Gardiner's burrowing skink (Pamelaescincus gardineri) is a species of lizard in the family Scincidae. P. gardineri is the only species in the (monotypic) skink genus Pamelaescincus. The species is endemic to the Seychelles.

==Etymology==
The generic name, Pamelaescincus, is in honor of Pamela, the older of Allen E. Greer's two sisters.

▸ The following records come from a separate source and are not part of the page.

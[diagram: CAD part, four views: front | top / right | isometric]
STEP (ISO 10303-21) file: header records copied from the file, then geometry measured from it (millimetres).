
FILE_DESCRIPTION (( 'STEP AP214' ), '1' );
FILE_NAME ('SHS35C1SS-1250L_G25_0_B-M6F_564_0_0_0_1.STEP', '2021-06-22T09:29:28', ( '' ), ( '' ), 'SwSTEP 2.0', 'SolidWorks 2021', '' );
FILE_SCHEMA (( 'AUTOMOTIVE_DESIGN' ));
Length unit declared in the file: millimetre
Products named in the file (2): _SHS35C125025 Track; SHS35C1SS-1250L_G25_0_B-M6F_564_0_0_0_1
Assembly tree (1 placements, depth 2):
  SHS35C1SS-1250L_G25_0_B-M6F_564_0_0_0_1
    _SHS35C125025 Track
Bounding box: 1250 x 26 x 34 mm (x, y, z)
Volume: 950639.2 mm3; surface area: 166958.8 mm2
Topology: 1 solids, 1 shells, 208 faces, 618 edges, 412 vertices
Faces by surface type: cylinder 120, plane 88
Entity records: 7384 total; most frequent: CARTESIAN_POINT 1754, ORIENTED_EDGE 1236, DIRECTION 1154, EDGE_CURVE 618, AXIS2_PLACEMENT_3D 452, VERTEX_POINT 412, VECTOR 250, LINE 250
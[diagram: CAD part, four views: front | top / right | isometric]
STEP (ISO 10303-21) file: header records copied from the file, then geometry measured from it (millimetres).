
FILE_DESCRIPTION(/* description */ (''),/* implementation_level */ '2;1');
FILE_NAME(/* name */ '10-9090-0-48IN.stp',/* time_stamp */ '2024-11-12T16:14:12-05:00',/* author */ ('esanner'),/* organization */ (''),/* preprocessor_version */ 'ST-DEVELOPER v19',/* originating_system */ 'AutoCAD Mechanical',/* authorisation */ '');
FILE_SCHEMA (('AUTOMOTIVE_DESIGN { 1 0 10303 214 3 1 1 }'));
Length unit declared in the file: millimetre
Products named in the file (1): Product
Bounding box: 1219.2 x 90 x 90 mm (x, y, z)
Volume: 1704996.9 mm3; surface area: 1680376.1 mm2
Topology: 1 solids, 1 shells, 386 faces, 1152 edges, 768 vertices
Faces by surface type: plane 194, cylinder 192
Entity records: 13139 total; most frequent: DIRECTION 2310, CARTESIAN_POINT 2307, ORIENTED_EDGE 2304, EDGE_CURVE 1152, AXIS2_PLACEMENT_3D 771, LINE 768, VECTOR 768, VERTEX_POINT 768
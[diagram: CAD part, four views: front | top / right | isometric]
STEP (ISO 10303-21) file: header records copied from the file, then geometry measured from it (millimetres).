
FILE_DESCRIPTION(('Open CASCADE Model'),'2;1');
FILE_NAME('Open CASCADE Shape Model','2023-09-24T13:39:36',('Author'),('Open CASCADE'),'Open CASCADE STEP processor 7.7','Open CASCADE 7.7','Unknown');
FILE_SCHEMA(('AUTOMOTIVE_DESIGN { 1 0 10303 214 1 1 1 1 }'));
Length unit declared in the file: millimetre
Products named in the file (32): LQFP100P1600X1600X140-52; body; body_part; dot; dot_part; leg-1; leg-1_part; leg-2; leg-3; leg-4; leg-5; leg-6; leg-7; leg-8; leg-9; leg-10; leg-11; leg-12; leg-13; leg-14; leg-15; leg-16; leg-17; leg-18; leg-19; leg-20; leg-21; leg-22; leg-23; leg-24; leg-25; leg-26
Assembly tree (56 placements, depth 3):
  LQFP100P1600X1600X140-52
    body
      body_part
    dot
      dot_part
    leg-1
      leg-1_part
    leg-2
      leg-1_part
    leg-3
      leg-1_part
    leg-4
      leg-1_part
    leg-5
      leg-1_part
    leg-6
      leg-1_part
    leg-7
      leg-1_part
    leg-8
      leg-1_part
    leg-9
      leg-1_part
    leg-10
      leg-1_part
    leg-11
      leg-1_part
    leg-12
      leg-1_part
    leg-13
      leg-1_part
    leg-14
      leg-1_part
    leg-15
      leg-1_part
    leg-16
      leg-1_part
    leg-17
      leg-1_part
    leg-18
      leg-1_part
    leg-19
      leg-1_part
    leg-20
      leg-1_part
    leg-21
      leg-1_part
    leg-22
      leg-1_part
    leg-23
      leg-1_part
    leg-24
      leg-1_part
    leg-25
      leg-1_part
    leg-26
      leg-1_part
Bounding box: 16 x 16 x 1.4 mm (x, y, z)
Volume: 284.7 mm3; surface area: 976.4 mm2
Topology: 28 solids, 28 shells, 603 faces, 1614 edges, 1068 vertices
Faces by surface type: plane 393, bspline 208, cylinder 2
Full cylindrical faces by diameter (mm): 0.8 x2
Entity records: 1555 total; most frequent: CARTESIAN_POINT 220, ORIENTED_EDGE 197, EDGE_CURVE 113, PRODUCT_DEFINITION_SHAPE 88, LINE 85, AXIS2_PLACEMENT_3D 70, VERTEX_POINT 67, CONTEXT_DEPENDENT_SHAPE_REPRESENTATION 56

The specific name, gardineri, is in honor of British zoologist John Stanley Gardiner.

==Taxonomy==
Pamelaescincus gardineri is usually placed in the subfamily Scincinae, which seems to be paraphyletic. Probably quite close to Janetaescincus, it belongs to a major clade that does not seem to include the type genus Scincus. Thus, it will probably be eventually assigned to a new, yet-to-be-named subfamily.

==Geographic range==
Pamelaescincus gardineri is found only in the Seychelles.

==Habitat and behavior==
The natural habitats of Pamelaescincus gardineri are subtropical or tropical dry forests and subtropical or tropical moist lowland forests, at altitudes from sea level to 1,600 m, where it burrows in the leaf litter and soil.

==Reproduction==
Pamelaescincus gardineri is oviparous.

==Conservation status==
Populations of Pamelaescincus gardeneri are locally affected by introduced predators and habitat destruction, but unlike its relatives, it is not considered an endangered species by the IUCN.